*YOUR TASK*: Please transcribe the data below in full, word for word, without the images.

*DATASET RECORDS*:
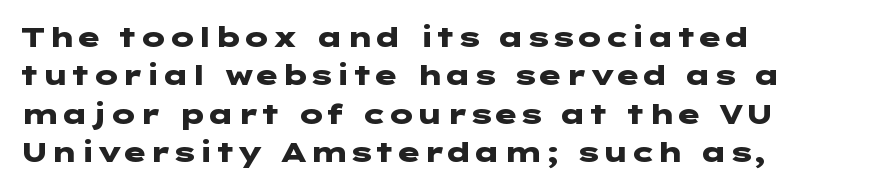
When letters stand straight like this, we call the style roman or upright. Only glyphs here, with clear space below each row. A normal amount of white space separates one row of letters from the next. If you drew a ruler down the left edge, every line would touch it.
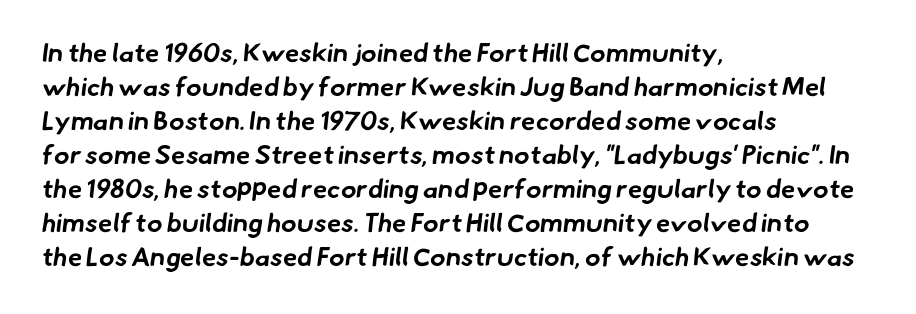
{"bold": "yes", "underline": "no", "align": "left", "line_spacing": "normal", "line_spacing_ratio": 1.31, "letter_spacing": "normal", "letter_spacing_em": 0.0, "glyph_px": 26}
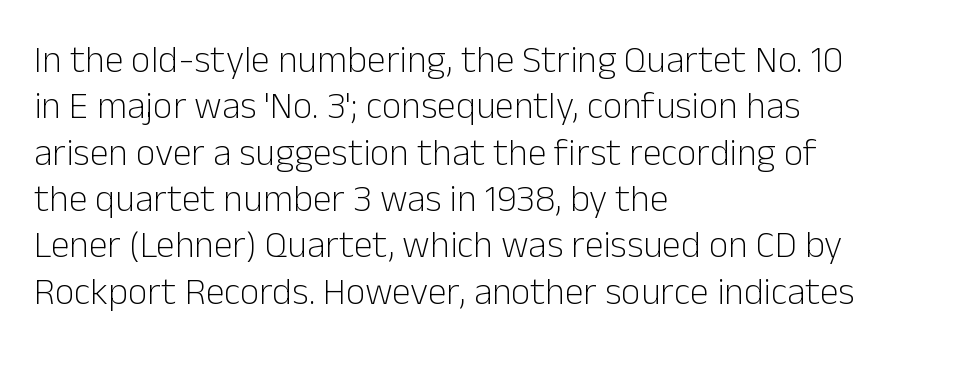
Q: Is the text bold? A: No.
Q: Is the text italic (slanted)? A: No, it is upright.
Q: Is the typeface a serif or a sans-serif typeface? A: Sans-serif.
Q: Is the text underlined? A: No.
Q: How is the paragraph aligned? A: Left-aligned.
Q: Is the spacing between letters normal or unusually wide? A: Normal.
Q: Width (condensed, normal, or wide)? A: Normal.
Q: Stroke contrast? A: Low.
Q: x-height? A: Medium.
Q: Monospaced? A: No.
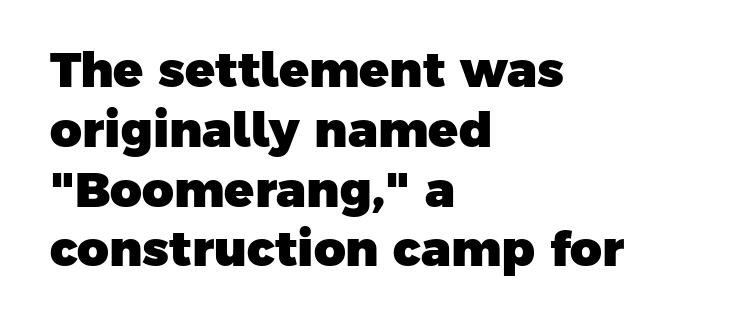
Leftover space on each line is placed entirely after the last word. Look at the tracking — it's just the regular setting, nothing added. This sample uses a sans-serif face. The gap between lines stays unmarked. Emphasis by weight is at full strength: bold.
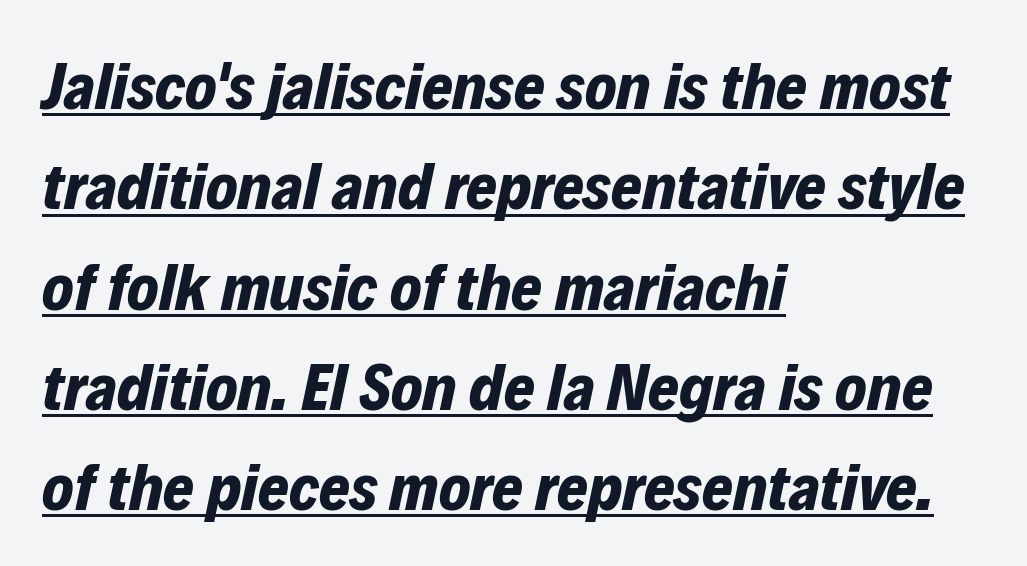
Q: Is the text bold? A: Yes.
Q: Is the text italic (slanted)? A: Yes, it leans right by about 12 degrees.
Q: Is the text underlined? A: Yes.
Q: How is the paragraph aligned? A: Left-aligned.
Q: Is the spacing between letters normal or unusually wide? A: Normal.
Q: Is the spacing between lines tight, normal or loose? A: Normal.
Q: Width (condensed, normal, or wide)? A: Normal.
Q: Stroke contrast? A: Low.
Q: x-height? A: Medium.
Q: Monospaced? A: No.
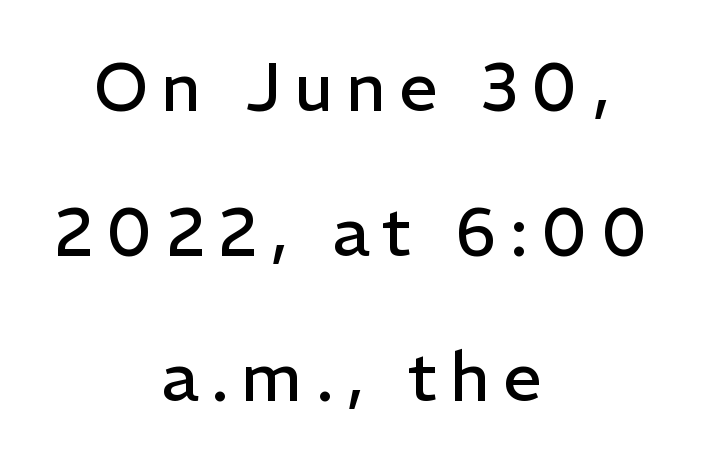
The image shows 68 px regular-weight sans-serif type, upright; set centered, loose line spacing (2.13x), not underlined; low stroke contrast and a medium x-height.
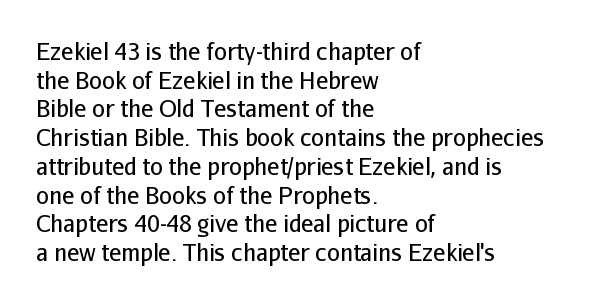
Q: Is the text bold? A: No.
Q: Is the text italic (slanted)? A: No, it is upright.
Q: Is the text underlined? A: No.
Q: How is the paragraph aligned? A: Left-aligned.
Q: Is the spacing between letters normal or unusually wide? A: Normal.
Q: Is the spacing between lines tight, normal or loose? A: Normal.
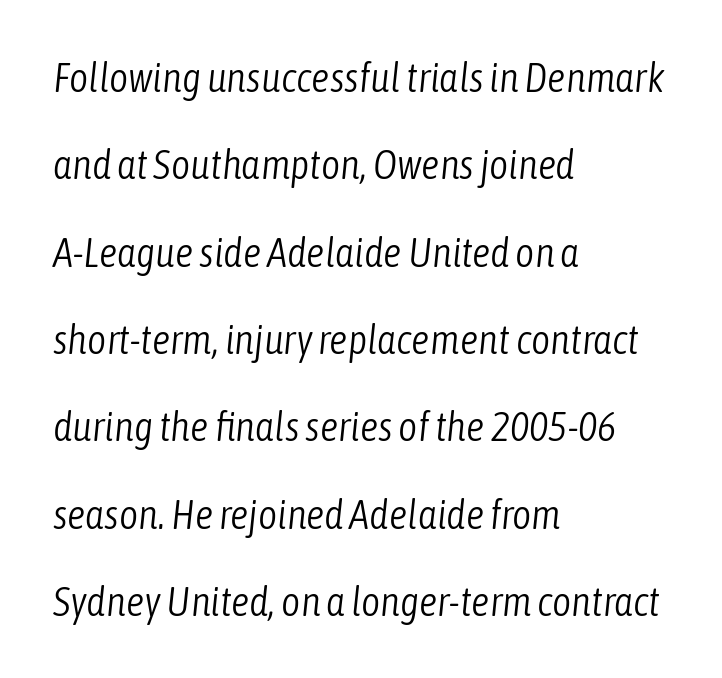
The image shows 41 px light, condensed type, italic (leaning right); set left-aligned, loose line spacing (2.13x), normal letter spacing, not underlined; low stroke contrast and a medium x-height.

*PROBLEM SOLUTION*:
When letters stand straight like this, we call the style roman or upright. Only glyphs here, with clear space below each row. A normal amount of white space separates one row of letters from the next. If you drew a ruler down the left edge, every line would touch it.
{"bold": "yes", "underline": "no", "align": "left", "line_spacing": "normal", "line_spacing_ratio": 1.31, "letter_spacing": "normal", "letter_spacing_em": 0.0, "glyph_px": 26}
Q: Is the text bold? A: No.
Q: Is the text italic (slanted)? A: No, it is upright.
Q: Is the typeface a serif or a sans-serif typeface? A: Sans-serif.
Q: Is the text underlined? A: No.
Q: How is the paragraph aligned? A: Left-aligned.
Q: Is the spacing between letters normal or unusually wide? A: Normal.
Q: Width (condensed, normal, or wide)? A: Normal.
Q: Stroke contrast? A: Low.
Q: x-height? A: Medium.
Q: Monospaced? A: No.
Leftover space on each line is placed entirely after the last word. Look at the tracking — it's just the regular setting, nothing added. This sample uses a sans-serif face. The gap between lines stays unmarked. Emphasis by weight is at full strength: bold.
Q: Is the text bold? A: Yes.
Q: Is the text italic (slanted)? A: Yes, it leans right by about 12 degrees.
Q: Is the text underlined? A: Yes.
Q: How is the paragraph aligned? A: Left-aligned.
Q: Is the spacing between letters normal or unusually wide? A: Normal.
Q: Is the spacing between lines tight, normal or loose? A: Normal.
Q: Width (condensed, normal, or wide)? A: Normal.
Q: Stroke contrast? A: Low.
Q: x-height? A: Medium.
Q: Monospaced? A: No.
The image shows 68 px regular-weight sans-serif type, upright; set centered, loose line spacing (2.13x), not underlined; low stroke contrast and a medium x-height.
Q: Is the text bold? A: No.
Q: Is the text italic (slanted)? A: No, it is upright.
Q: Is the text underlined? A: No.
Q: How is the paragraph aligned? A: Left-aligned.
Q: Is the spacing between letters normal or unusually wide? A: Normal.
Q: Is the spacing between lines tight, normal or loose? A: Normal.
The image shows 41 px light, condensed type, italic (leaning right); set left-aligned, loose line spacing (2.13x), normal letter spacing, not underlined; low stroke contrast and a medium x-height.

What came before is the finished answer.